**Requirement:** Please output the records below word for word and omit the pictures.

[Dataset excerpts]
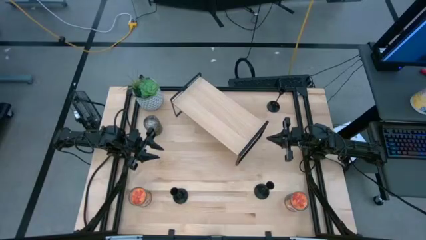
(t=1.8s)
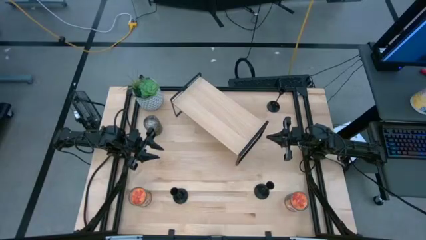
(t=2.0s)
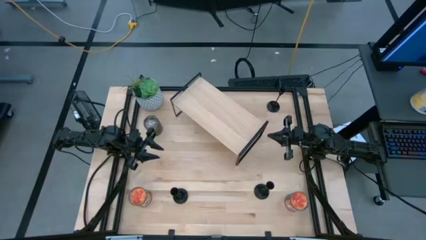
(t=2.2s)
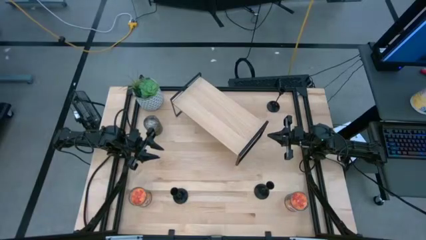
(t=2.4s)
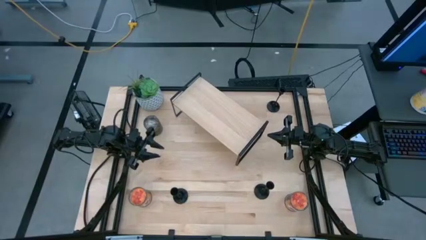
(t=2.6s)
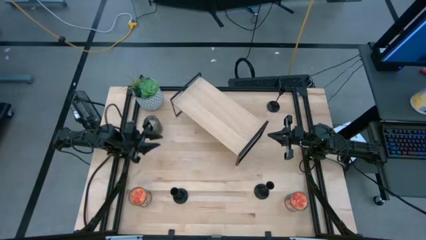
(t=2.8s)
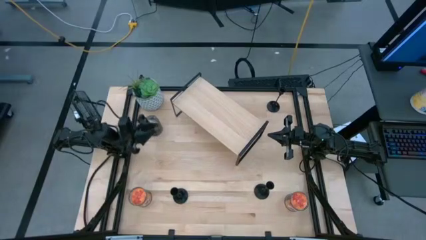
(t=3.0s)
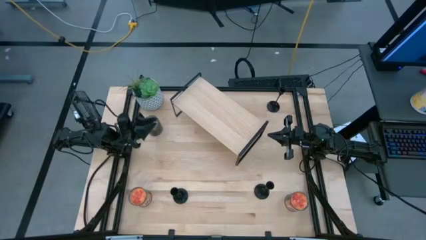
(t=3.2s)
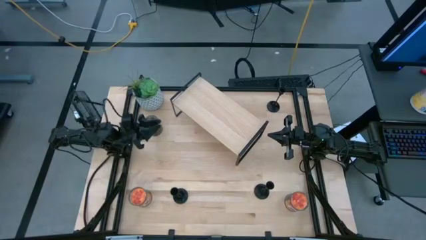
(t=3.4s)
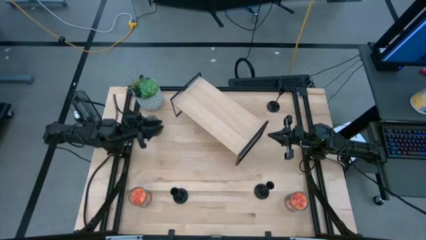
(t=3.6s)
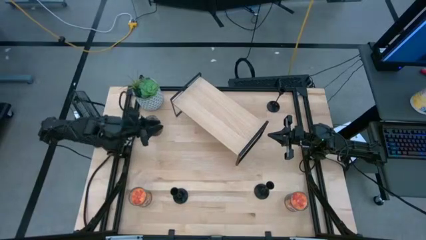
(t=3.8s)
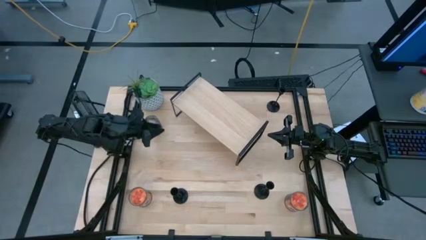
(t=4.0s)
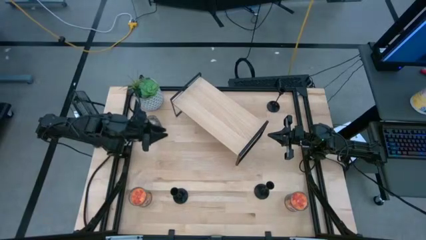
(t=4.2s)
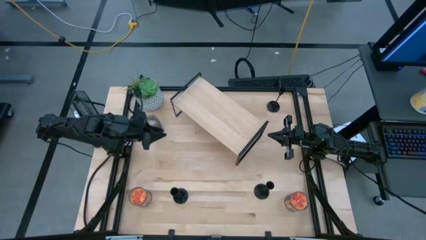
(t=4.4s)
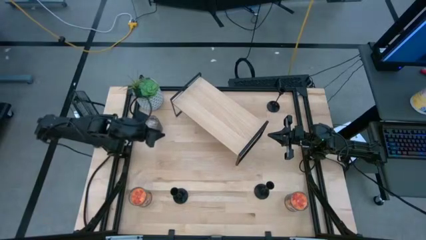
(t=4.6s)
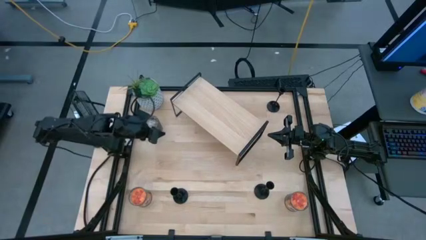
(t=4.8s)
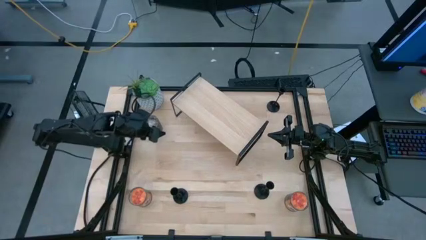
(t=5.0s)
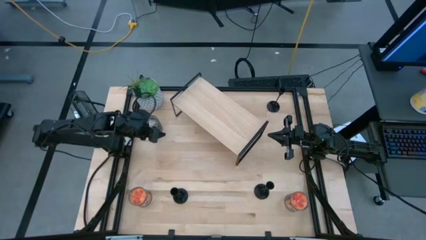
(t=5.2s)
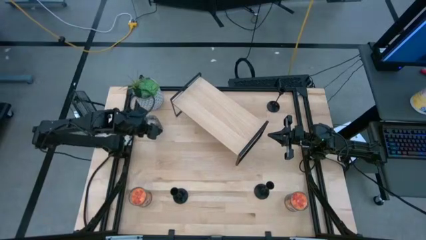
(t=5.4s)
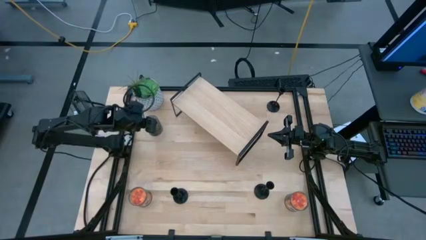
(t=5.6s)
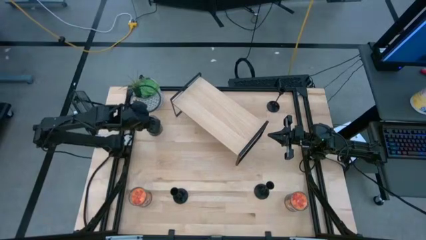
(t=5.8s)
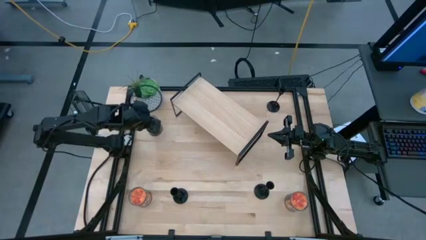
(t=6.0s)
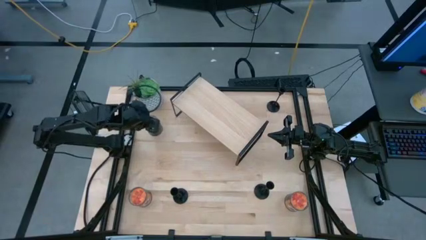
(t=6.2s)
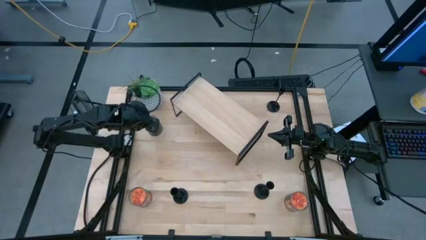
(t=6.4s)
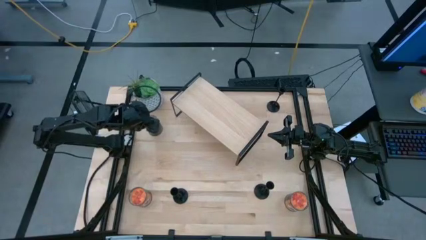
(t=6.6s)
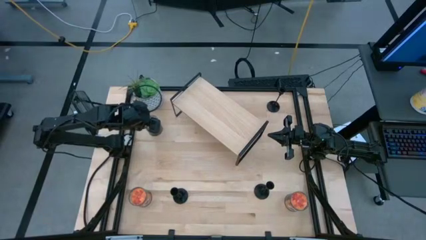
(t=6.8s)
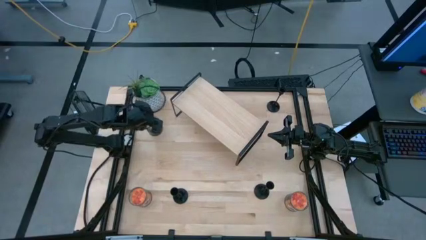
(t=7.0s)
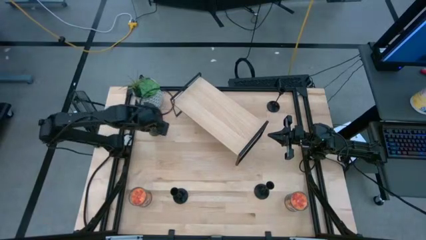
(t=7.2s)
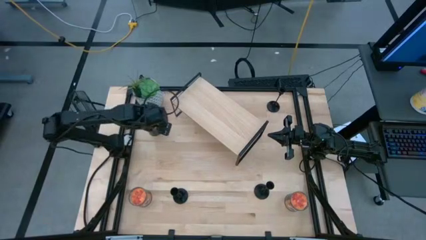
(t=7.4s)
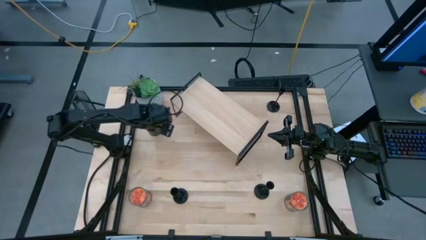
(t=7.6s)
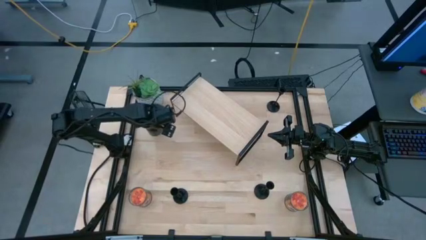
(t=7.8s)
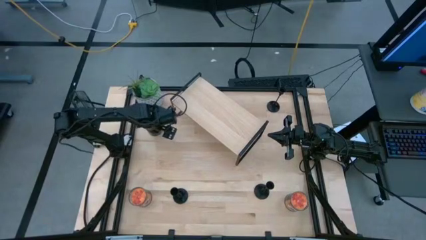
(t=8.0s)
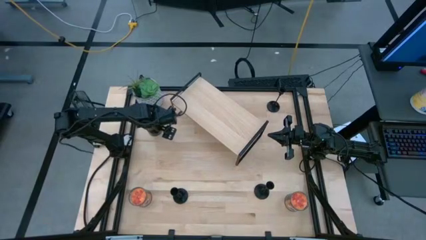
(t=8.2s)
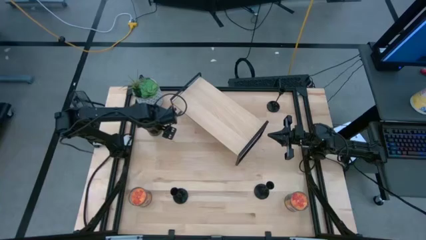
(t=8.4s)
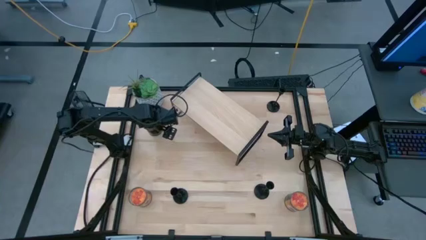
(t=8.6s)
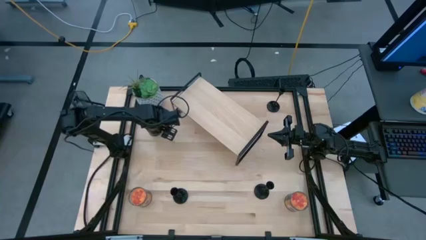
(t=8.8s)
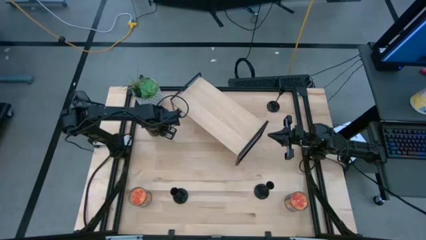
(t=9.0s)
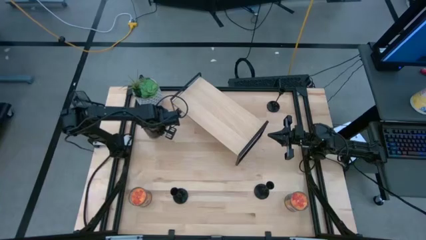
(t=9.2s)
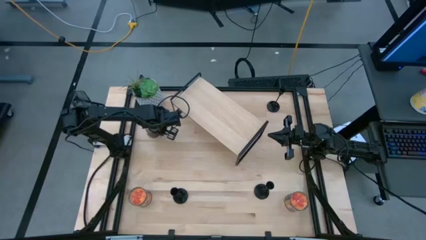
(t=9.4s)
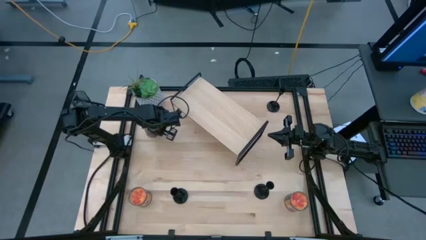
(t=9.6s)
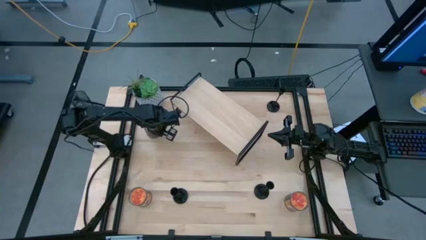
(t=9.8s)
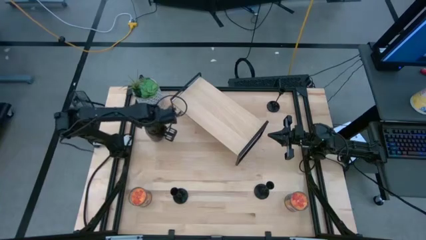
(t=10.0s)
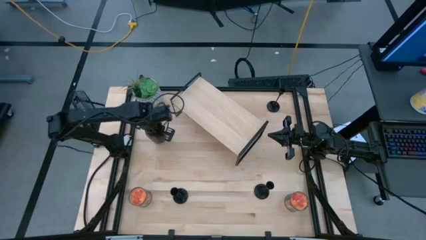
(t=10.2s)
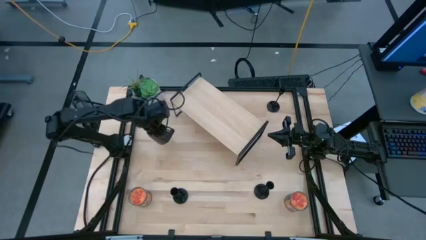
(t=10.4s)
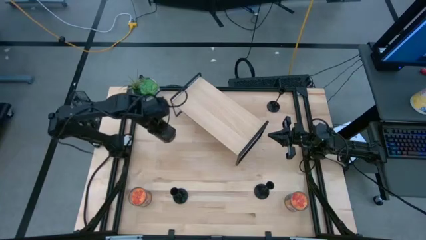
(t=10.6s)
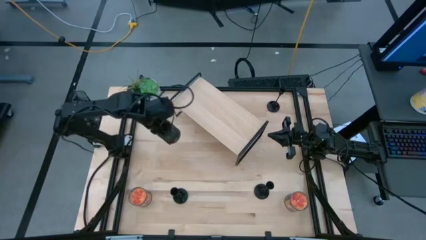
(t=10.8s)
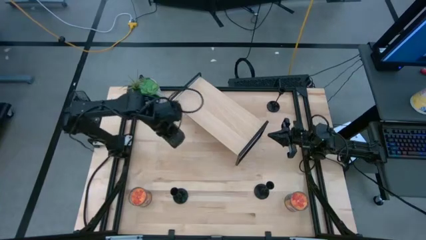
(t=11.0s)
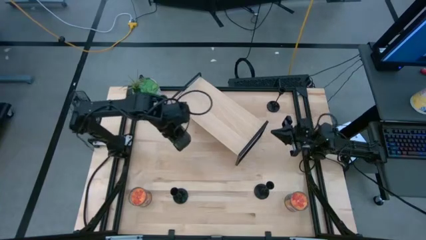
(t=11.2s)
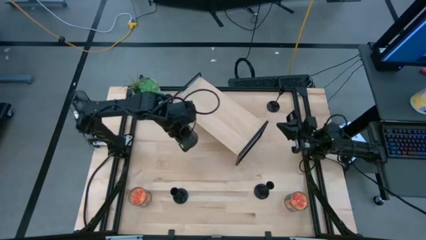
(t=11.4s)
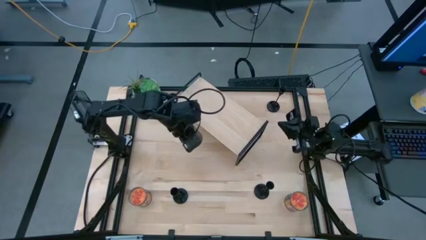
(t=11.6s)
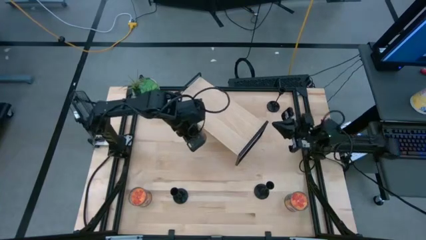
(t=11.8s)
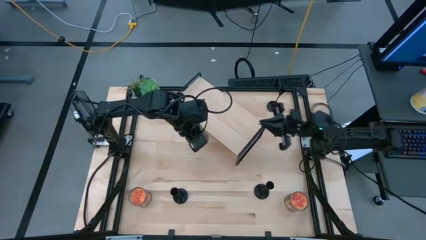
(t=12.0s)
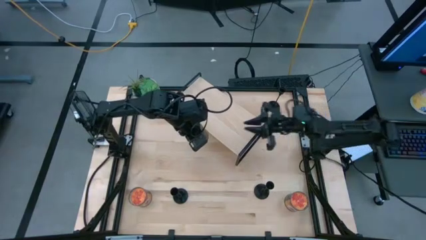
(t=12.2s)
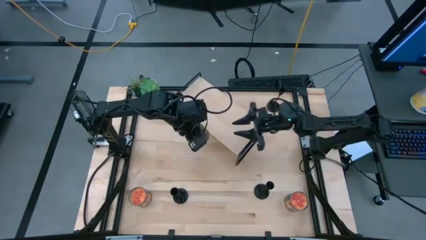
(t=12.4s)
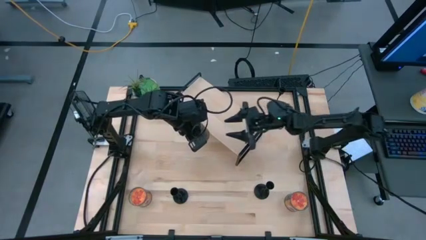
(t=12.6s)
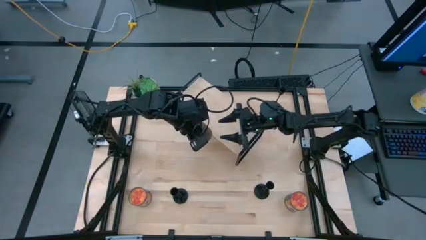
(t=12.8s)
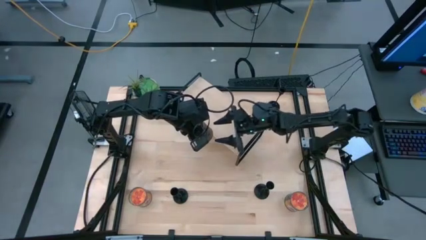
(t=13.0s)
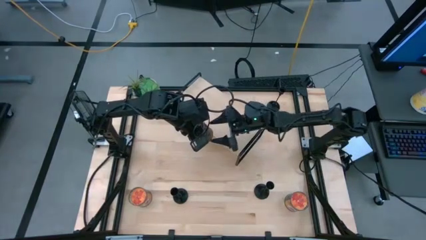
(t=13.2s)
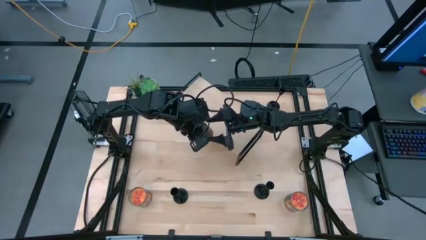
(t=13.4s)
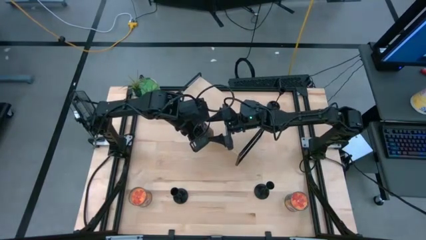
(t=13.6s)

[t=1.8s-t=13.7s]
Task: Pick & Place candle stick holders
Put the brown scented candle on the shelf

**Solved exercise:**
(t=1.8s)
(t=2.0s)
(t=2.2s)
(t=2.4s)
(t=2.6s)
(t=2.8s)
(t=3.0s)
(t=3.2s)
(t=3.4s)
(t=3.6s)
(t=3.8s)
(t=4.0s)
(t=4.2s)
(t=4.4s)
(t=4.6s)
(t=4.8s)
(t=5.0s)
(t=5.2s)
(t=5.4s)
(t=5.6s)
(t=5.8s)
(t=6.0s)
(t=6.2s)
(t=6.4s)
(t=6.6s)
(t=6.8s)
(t=7.0s)
(t=7.2s)
(t=7.4s)
(t=7.6s)
(t=7.8s)
(t=8.0s)
(t=8.2s)
(t=8.4s)
(t=8.6s)
(t=8.8s)
(t=9.0s)
(t=9.2s)
(t=9.4s)
(t=9.6s)
(t=9.8s)
(t=10.0s)
(t=10.2s)
(t=10.4s)
(t=10.6s)
(t=10.8s)
(t=11.0s)
(t=11.2s)
(t=11.4s)
(t=11.6s)
(t=11.8s)
(t=12.0s)
(t=12.2s)
(t=12.4s)
(t=12.6s)
(t=12.8s)
(t=13.0s)
(t=13.2s)
(t=13.4s)
(t=13.6s)

[t=1.8s-t=13.7s]
Task: Pick & Place candle stick holders
Put the brown scented candle on the shelf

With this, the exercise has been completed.